▸ Try it
Except for the pictures, write out all the records that follow exactly.

▸ Provided data
----------------------------------------
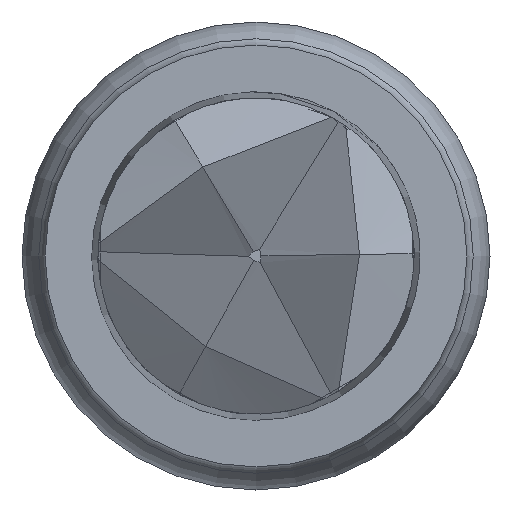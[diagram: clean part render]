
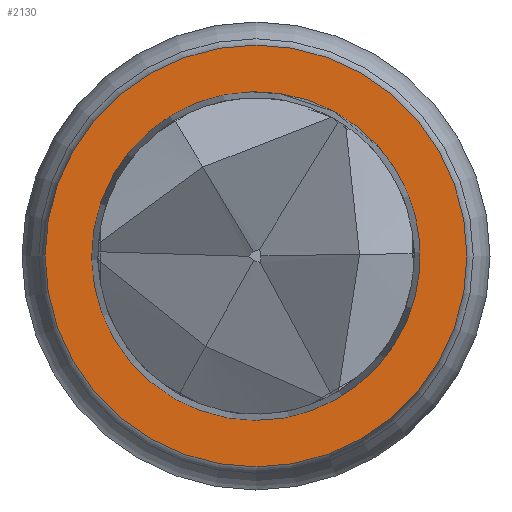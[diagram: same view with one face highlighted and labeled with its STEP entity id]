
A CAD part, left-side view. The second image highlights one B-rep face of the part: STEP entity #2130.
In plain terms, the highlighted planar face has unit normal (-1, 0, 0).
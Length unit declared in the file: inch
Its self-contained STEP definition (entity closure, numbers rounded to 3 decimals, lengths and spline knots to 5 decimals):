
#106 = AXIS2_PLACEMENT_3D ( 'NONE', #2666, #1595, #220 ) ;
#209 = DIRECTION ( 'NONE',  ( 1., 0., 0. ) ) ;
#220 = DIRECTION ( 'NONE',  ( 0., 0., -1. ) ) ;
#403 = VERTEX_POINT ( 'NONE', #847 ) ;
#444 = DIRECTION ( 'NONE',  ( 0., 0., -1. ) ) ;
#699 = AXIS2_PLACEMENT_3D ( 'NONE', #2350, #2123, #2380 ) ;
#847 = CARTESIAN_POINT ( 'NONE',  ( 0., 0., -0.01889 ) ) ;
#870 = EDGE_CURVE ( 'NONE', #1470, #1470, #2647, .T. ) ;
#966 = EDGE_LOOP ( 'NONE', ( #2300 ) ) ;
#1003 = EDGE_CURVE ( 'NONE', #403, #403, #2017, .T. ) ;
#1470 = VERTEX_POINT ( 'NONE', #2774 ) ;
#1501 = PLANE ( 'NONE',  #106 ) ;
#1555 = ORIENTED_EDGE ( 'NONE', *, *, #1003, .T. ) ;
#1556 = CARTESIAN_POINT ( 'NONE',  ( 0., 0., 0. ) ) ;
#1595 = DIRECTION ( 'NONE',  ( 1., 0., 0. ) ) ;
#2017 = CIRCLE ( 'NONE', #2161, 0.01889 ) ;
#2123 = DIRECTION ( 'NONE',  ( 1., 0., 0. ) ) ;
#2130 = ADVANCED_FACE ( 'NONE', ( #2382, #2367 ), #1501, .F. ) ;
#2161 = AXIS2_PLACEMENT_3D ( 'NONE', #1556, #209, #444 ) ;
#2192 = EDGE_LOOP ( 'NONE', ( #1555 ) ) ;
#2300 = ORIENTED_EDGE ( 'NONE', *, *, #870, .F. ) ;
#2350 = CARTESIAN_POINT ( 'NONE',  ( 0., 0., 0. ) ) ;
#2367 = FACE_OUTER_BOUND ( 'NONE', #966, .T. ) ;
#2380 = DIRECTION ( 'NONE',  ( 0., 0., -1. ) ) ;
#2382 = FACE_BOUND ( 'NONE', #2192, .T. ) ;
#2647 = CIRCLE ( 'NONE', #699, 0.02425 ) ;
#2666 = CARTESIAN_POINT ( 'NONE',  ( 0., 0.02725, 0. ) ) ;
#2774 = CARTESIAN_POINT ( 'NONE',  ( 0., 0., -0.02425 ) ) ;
----------------------------------------
▸ Solution for this exercise
[diagram: clean part render]
[diagram: same view with one face highlighted and labeled with its STEP entity id]
A CAD part, left-side view. The second image highlights one B-rep face of the part: STEP entity #2130.
In plain terms, the highlighted planar face has unit normal (-1, 0, 0).
Length unit declared in the file: inch
Its self-contained STEP definition (entity closure, numbers rounded to 3 decimals, lengths and spline knots to 5 decimals):
#106 = AXIS2_PLACEMENT_3D ( 'NONE', #2666, #1595, #220 ) ;
#209 = DIRECTION ( 'NONE',  ( 1., 0., 0. ) ) ;
#220 = DIRECTION ( 'NONE',  ( 0., 0., -1. ) ) ;
#403 = VERTEX_POINT ( 'NONE', #847 ) ;
#444 = DIRECTION ( 'NONE',  ( 0., 0., -1. ) ) ;
#699 = AXIS2_PLACEMENT_3D ( 'NONE', #2350, #2123, #2380 ) ;
#847 = CARTESIAN_POINT ( 'NONE',  ( 0., 0., -0.01889 ) ) ;
#870 = EDGE_CURVE ( 'NONE', #1470, #1470, #2647, .T. ) ;
#966 = EDGE_LOOP ( 'NONE', ( #2300 ) ) ;
#1003 = EDGE_CURVE ( 'NONE', #403, #403, #2017, .T. ) ;
#1470 = VERTEX_POINT ( 'NONE', #2774 ) ;
#1501 = PLANE ( 'NONE',  #106 ) ;
#1555 = ORIENTED_EDGE ( 'NONE', *, *, #1003, .T. ) ;
#1556 = CARTESIAN_POINT ( 'NONE',  ( 0., 0., 0. ) ) ;
#1595 = DIRECTION ( 'NONE',  ( 1., 0., 0. ) ) ;
#2017 = CIRCLE ( 'NONE', #2161, 0.01889 ) ;
#2123 = DIRECTION ( 'NONE',  ( 1., 0., 0. ) ) ;
#2130 = ADVANCED_FACE ( 'NONE', ( #2382, #2367 ), #1501, .F. ) ;
#2161 = AXIS2_PLACEMENT_3D ( 'NONE', #1556, #209, #444 ) ;
#2192 = EDGE_LOOP ( 'NONE', ( #1555 ) ) ;
#2300 = ORIENTED_EDGE ( 'NONE', *, *, #870, .F. ) ;
#2350 = CARTESIAN_POINT ( 'NONE',  ( 0., 0., 0. ) ) ;
#2367 = FACE_OUTER_BOUND ( 'NONE', #966, .T. ) ;
#2380 = DIRECTION ( 'NONE',  ( 0., 0., -1. ) ) ;
#2382 = FACE_BOUND ( 'NONE', #2192, .T. ) ;
#2647 = CIRCLE ( 'NONE', #699, 0.02425 ) ;
#2666 = CARTESIAN_POINT ( 'NONE',  ( 0., 0.02725, 0. ) ) ;
#2774 = CARTESIAN_POINT ( 'NONE',  ( 0., 0., -0.02425 ) ) ;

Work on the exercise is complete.